Body parts and found materials are combined en masse to create a sensory experience of chaos, uncertainty and isolation. Atrophy highlights the desensitisation towards trauma and violence that this unrelenting exposure induces within those living in affluent societies. The work considers the artists’ own position of living in the west, and the impact that media exposure has on their view of the world. The glimpses of the personal in the body casts remind the viewer of the real human experiences behind our mediated observations of global events. Further to this, it is a response to the depersonalising nature of the consumption and waste of neoliberal, capitalist societies.
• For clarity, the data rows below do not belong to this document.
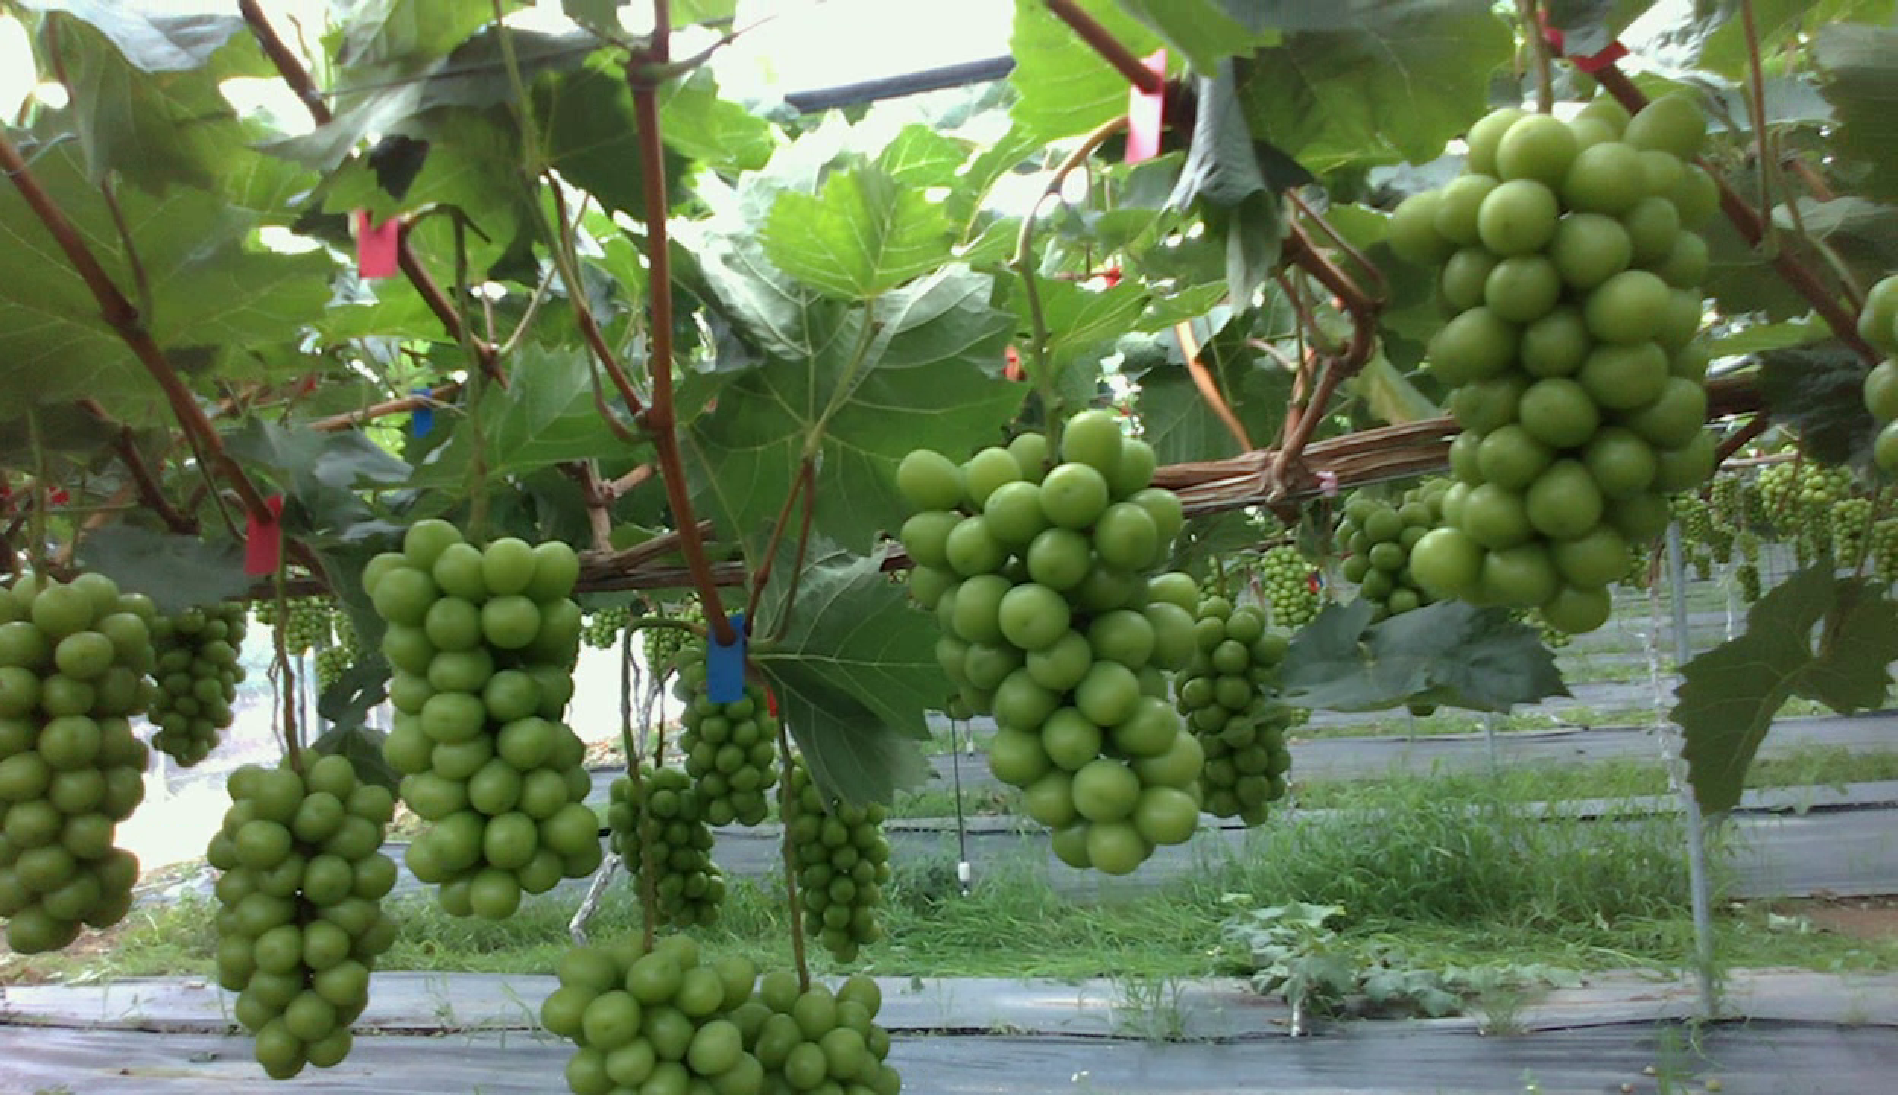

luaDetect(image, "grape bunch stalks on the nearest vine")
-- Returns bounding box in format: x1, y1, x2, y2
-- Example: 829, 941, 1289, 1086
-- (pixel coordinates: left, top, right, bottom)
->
406, 201, 488, 540
275, 557, 300, 768
620, 616, 692, 947
780, 722, 809, 990
1008, 117, 1125, 465
1519, 2, 1554, 108
23, 411, 47, 587
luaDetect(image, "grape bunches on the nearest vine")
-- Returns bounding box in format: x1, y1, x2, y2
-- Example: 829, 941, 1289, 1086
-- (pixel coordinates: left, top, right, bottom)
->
540, 931, 760, 1093
363, 519, 605, 922
2, 572, 155, 952
894, 409, 1203, 876
207, 748, 398, 1078
1382, 93, 1719, 634
742, 972, 903, 1093
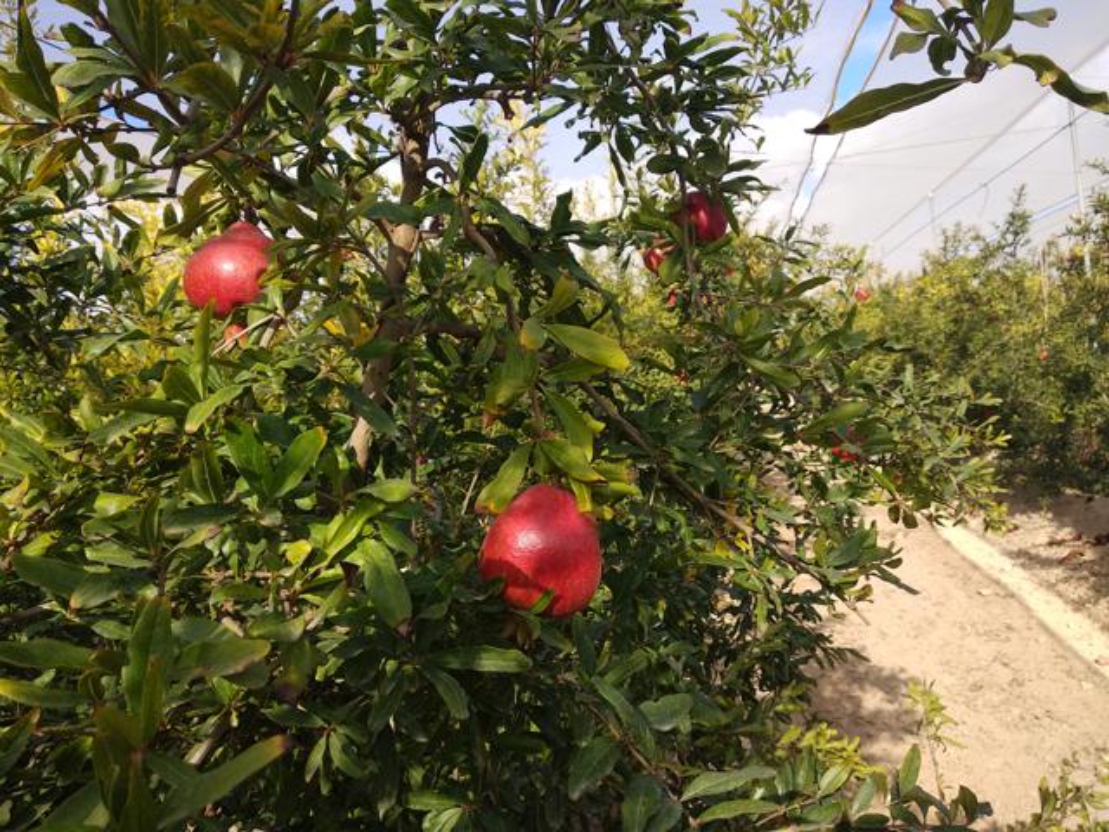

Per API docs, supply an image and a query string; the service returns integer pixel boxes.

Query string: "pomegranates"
[671,191,728,243]
[184,218,274,321]
[478,482,603,619]
[643,246,665,274]
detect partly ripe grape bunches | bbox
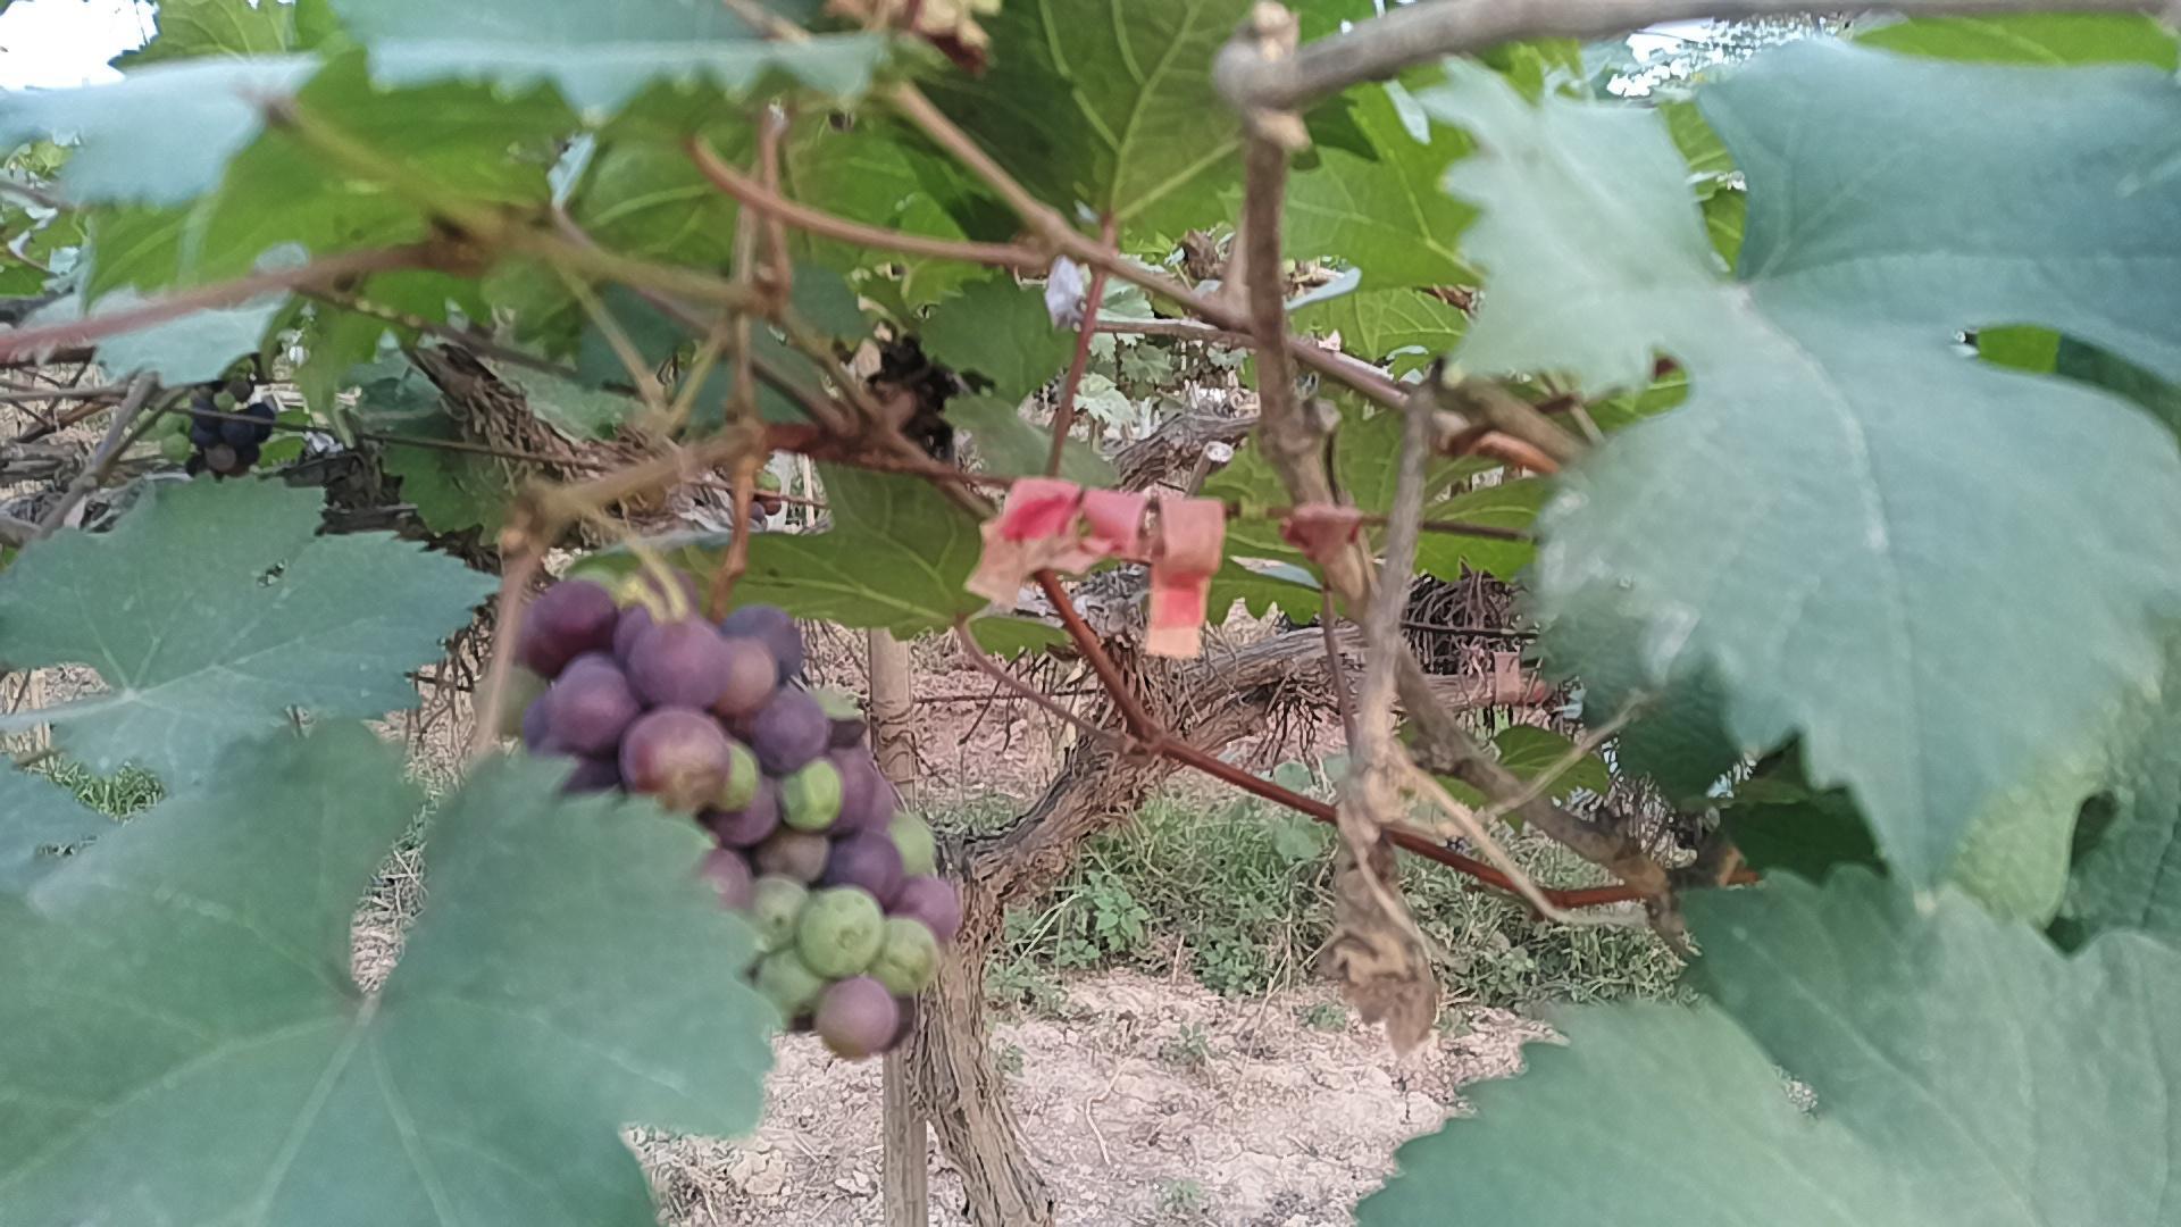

Atrophy’s use of the dismembered, fragmented body to highlight disjuncture and alienation in human society is reminiscent of early modernist artists’ use of the body fragment to depict social upheaval and change. Yet the work is also transgressive in its desire to unsettle hierarchies in art, institutions and social relationships, in the hope of re-building a paradigm that will offer solutions to what the artists witness as a world, not so much in flux, but free-fall. The installation overwhelms the viewer with gritty overabundance, destabilising the privileged position of the ‘white-cube’ art gallery. The collaborative nature of Atrophy problematises the authority and ‘heroism’ of the solitary artist. These artists have opted for a democratic approach to art making; shifting away from art as independent object making, to art as a form of exchange and co-operation. Atrophy refuses to be didactic, universal or objective. Instead it confronts the complexity of contemporary Western society, by drawing attention to the personal, while overwhelming the viewer with the mass. It confronts the human paradox of being simultaneously fragile, yet also capable of destruction.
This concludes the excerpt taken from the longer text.